Riportiamo dalla STAMPA di oggi, 09/07/2011, a pag. 16, l'articolo di Francesco Semprini dal titolo " Islamabad dietro la morte del giornalista Saleem ".
Syed Saleem Shahzad
Il governo pachistano ha sottoscritto tacitamente l'esecuzione di Syed Saleem Shahzad. L’atto di accusa proviene dall'ammiraglio Mike Mullen, il capo di Stato maggiore delle Forze armate degli Stati Uniti, secondo cui Islamabad avrebbe «permesso» a sicari non identificati di rapire, torturare ed uccidere il giornalista pachistano.
«Nulla smentisce il fatto che il governo fosse a conoscenza di quanto stava accadendo», spiega Mullen, il primo alto funzionario dell'amministrazione americana a denunciare pubblicamente il presunto coinvolgimento di Islamabad nell'uccisione di Shahzad. L'ammiraglio spiega tuttavia di non poter dare conferme sulla «pista Isi» che riconduce l'assassinio del giornalista all'Inter-Services Intelligence, il controverso servizio segreto pachistano. È certo però che Shahzad, giornalista investigativo e collaboratore di diverse testate asiatiche ed europee, tra cui «La Stampa», era un personaggio scomodo per alcuni ambienti di Islamabad. A creare fastidi erano le sue scottanti inchieste, in particolare quelle inerenti le relazioni tra al-Qaeda e frange più o meno deviate dei servizi segreti pachistani. Per questo ad alcuni, nelle stanze del potere, avrebbe fatto comodo la sua eliminazione.
Il corpo senza vita di Shahzad, 40 anni, è stato trovato il 31 maggio scorso dopo che si erano perse le sue tracce da due giorni. L'autopsia ha rilevato evidenti segni di tortura sul cadavere, opera, secondo alcuni funzionari dell'Intelligence Usa sentiti dal «New York Times», di agenti o sicari mandati dall'Isi. I servizi segreti di Islamabad smentiscono seccamente ogni coinvolgimento. Ma lo spettro del complotto rimane. «È una vicenda a cui tutti devono prestare molta attenzione, i pachistani per primi - prosegue il capo di Stato maggiore Usa. - Questo episodio dimostra che si sta andando nella direzione sbagliata». Mullen si riferisce in particolare alle relazioni tra Usa e Pakistan indebolite dal blitz del 2 maggio scorso ad Abbottabad, durante il quale i Navy Seals hanno ucciso Osama bin Laden. Di quell'operazione Islamabad non era stata avvertita perché Washington voleva evitare fughe di notizie, come accaduto in passato. Del resto più volte gli Usa avevano denunciato l’inerzia e l’ambiguità dei vertici pachistani nella lotta contro i taleban e alQaeda. Il mancato avviso del blitz ha irritato molto Islamabad, così come le parole pronunciate da Mullen giovedì in un incontro con la stampa. «Estremamente irresponsabili, non ci aiutano certo nelle indagini che stiamo conducendo», ha replicato il governo di Islamabad tramite una nota del ministro dell’Informazione Firdous Ashiq Awan.

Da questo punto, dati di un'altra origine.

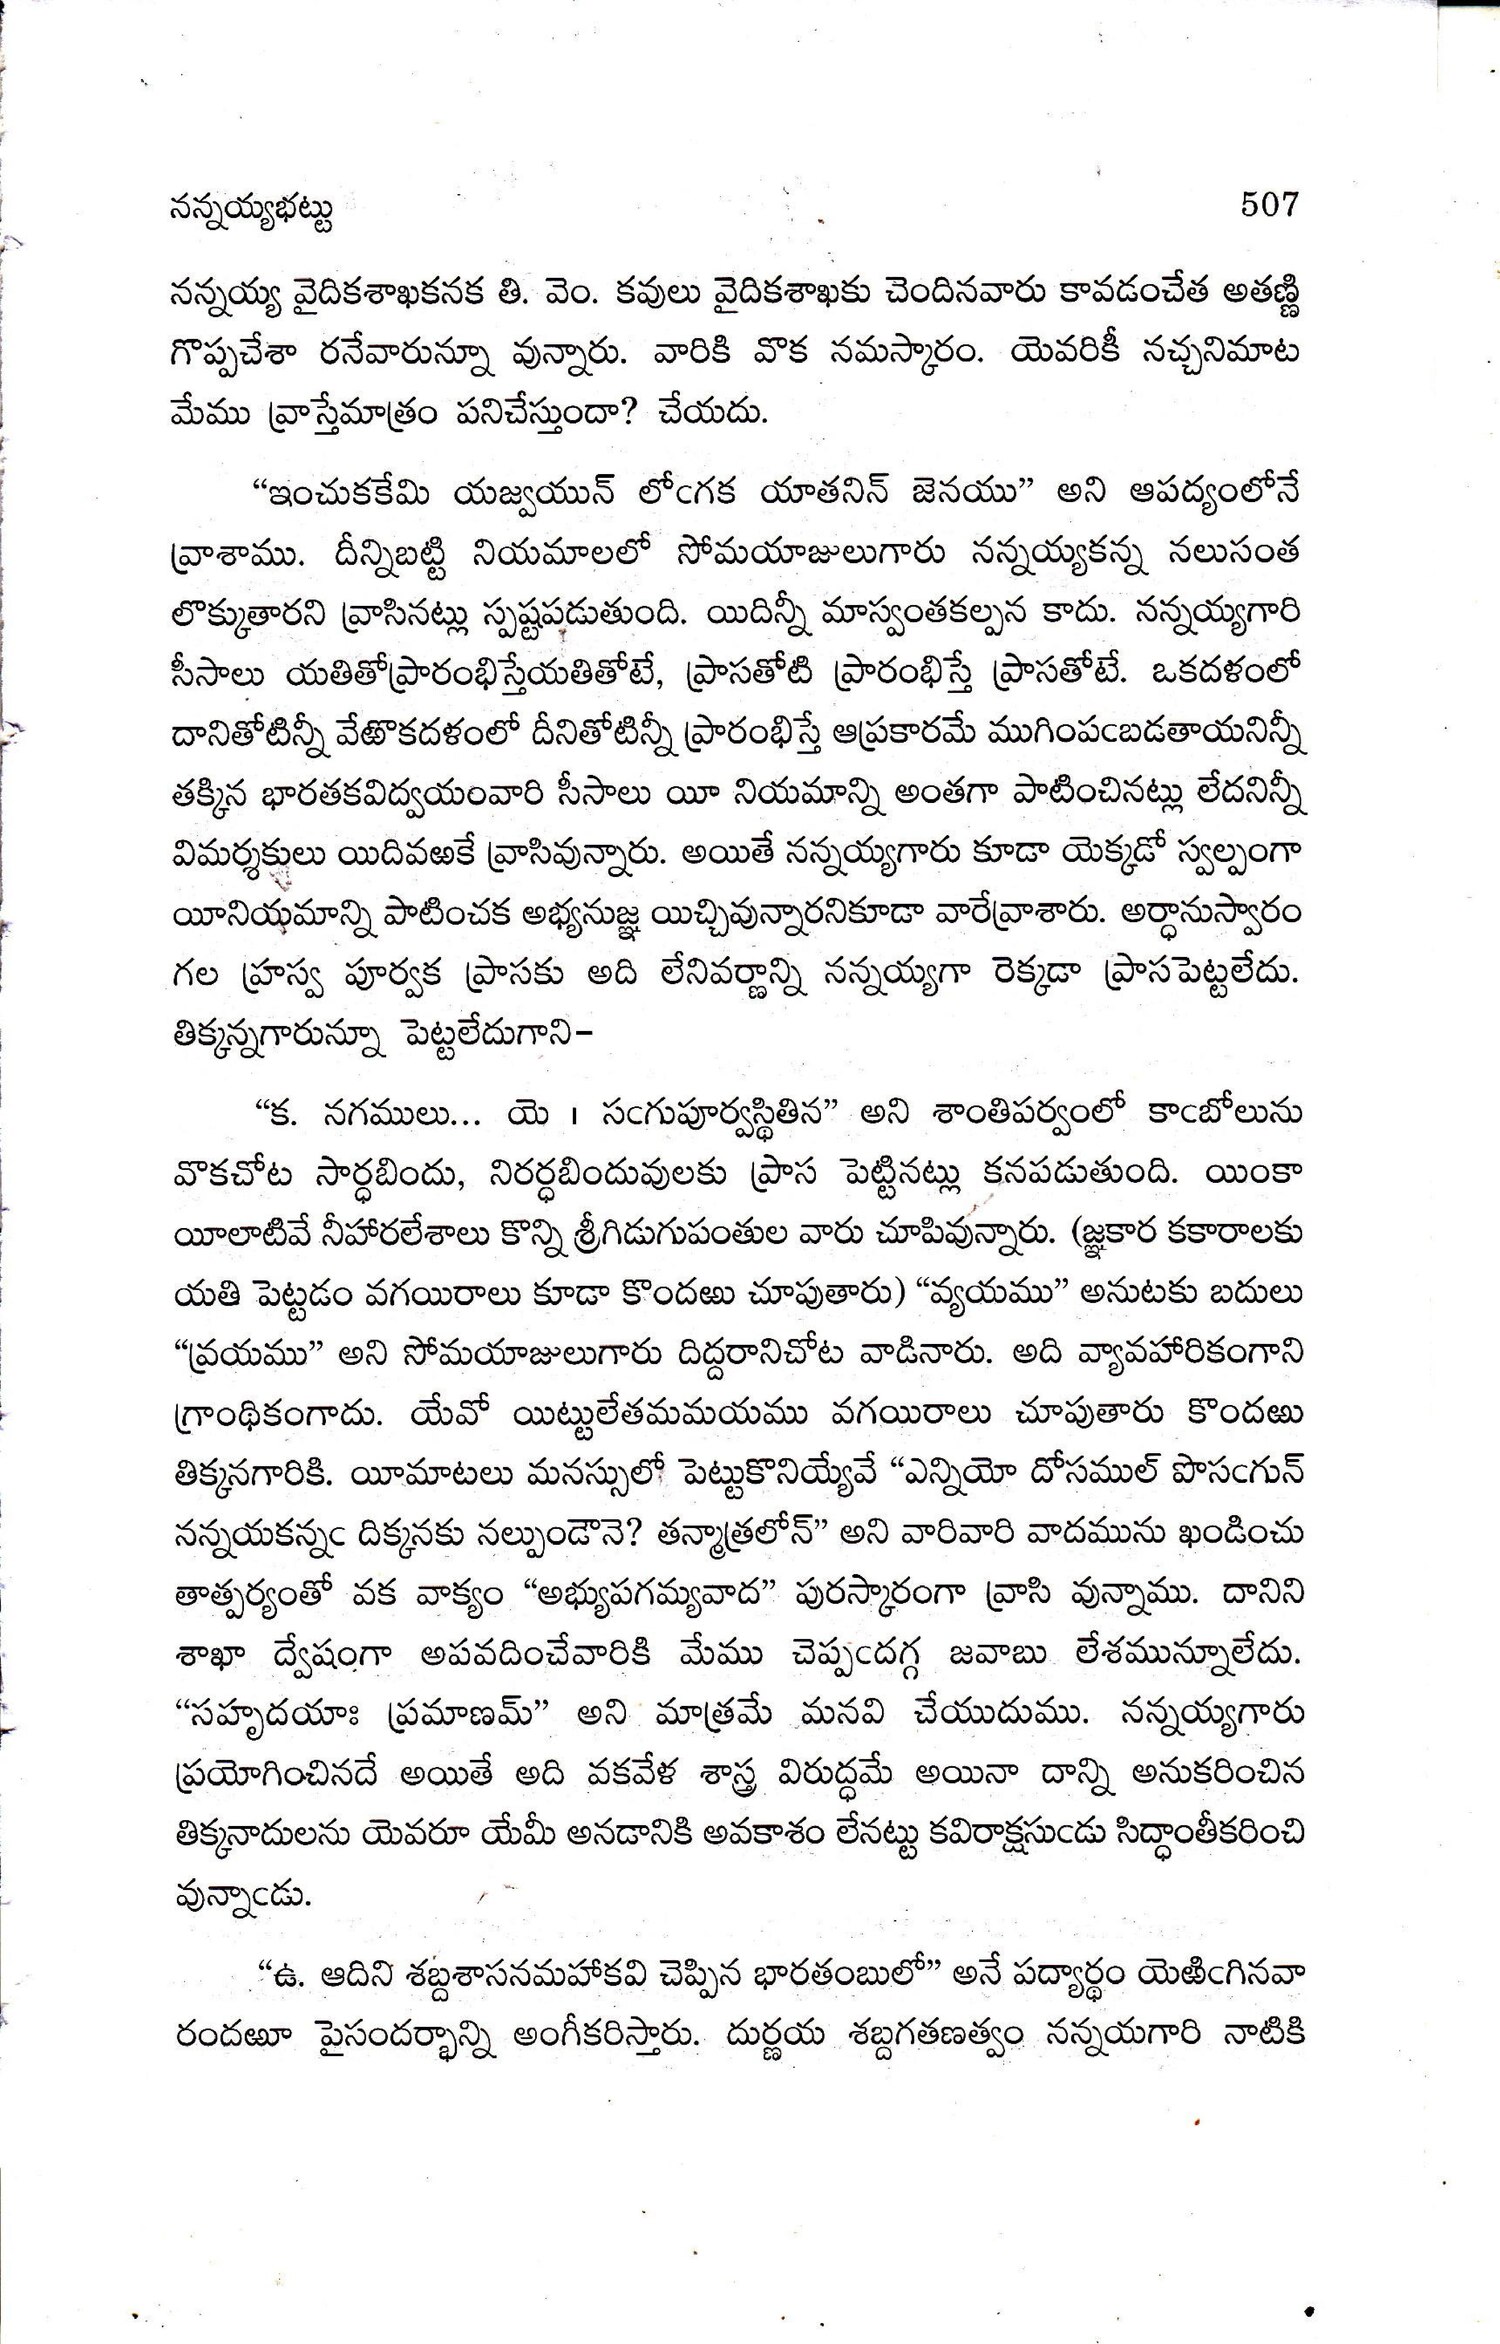నన్నయ్య వైదికశాఖకనక తి. వెం. కవులు వైదికశాఖకు చెందినవారు కావడంచేత అతణ్ణి గొప్పచేశా రనేవారున్నూ వున్నారు. వారికి వొక నమస్కారం. యెవరికీ నచ్చనిమాట మేము వ్రాస్తేమాత్రం పనిచేస్తుందా? చేయదు.

“ఇంచుకకేమి యజ్వయున్ లోఁగక యాతనిన్ జెనయు” అని ఆపద్యంలోనే వ్రాశాము. దీన్నిబట్టి నియమాలలో సోమయాజులుగారు నన్నయ్యకన్న నలుసంత లొక్కుతారని వ్రాసినట్లు స్పష్టపడుతుంది. యిదిన్నీ మాస్వంతకల్పన కాదు. నన్నయ్యగారి సీసాలు యతితోప్రారంభిస్తేయతితోటే, ప్రాసతోటి ప్రారంభిస్తే ప్రాసతోటే, ఒకదళంలో దానితోటిన్నీ వేఱొకదళంలో దీనితోటిన్నీ ప్రారంభిస్తే ఆప్రకారమే ముగింపఁబడతాయనిన్నీ తక్కిన భారతకవిద్వయంవారి సీసాలు యీ నియమాన్ని అంతగా పాటించినట్లు లేదనిన్నీ విమర్శకులు యిదివఱకే వ్రాసివున్నారు. అయితే నన్నయ్యగారు కూడా యెక్కడో స్వల్పంగా యీనియమాన్నిపాటించక అభ్యనుజ్ఞ యిచ్చివున్నారనికూడా వారేవ్రాశారు. అర్థానుస్వారం గల హ్రస్వ పూర్వక ప్రాసకు అది లేనివర్ణాన్ని నన్నయ్యగా రెక్కడా ప్రాసపెట్టలేదు. తిక్కన్నగారున్నూ పెట్టలేదుగాని- 

“క. నగములు. యె! సఁగుపూర్వస్థితిన" అని శాంతిపర్వంలో కాcబోలును వొకచోట సార్థబిందు, నిరర్థబిందువులకు ప్రాస పెట్టినట్లు కనపడుతుంది. యింకా యీలాటివే నీహారలేశాలు కొన్ని శ్రీగిడుగుపంతుల వారు చూపివున్నారు. (జ్ఞకార కకారాలకు యతి పెట్టడం వగయిరాలు కూడా కొందఱు చూపుతారు) “వ్యయము" అనుటకు బదులు "వ్రయము" అని సోమయాజులుగారు దిద్దరానిచోట వాడినారు. అది వ్యావహారికంగాని గ్రాంథికంగాదు. యేవో యిట్టులేతమమయము వగయిరాలు చూపుతారు కొందఱు తిక్కనగారికి. యీమాటలు మనస్సులో పెట్టుకొనియ్యేవే “ఎన్నియో దోసముల్ పొసఁగున్ నన్నయకన్నఁ దిక్కనకు నల్పుండౌనె? తన్మాత్రలోన్" అని వారివారి వాదమును ఖండించు తాత్పర్యంతో వక వాక్యం “అభ్యుపగమ్యవాద" పురస్కారంగా వ్రాసి వున్నాము. దానిని శాఖా ద్వేషంగా అపవదించేవారికి మేము చెప్పఁదగ్గ జవాబు లేశమున్నూలేదు. “సహృదయాః ప్రమాణమ్” అని మాత్రమే మనవి చేయుదుము. నన్నయ్యగారు ప్రయోగించినదే అయితే అది వకవేళ శాస్త్ర విరుద్ధమే అయినా దాన్ని అనుకరించిన తిక్కనాదులను యెవరూ యేమీ అనడానికి అవకాశం లేనట్టు కవిరాక్షసుఁడు సిద్ధాంతీకరించి వున్నాఁడు.

"ఉ. ఆదిని శబ్దశాసనమహాకవి చెప్పిన భారతంబులో" అనే పద్యార్థం యెఱిఁగినవా రందఱూ పైసందర్భాన్ని అంగీకరిస్తారు. దుర్ణయ శబ్దగతణత్వం నన్నయగారి నాటికి

È inconfutabile però che il Pakistan è una realtà per molti versi ad alto rischio, specie per i giornalisti: nel 2010 è stato il Paese con il più alto numero di reporter uccisi. Sono almeno otto - secondo il Committee to Protect Journalists - i colleghi di Saleem ammazzati lo scorso anno, sei dei quali in attentati suicida.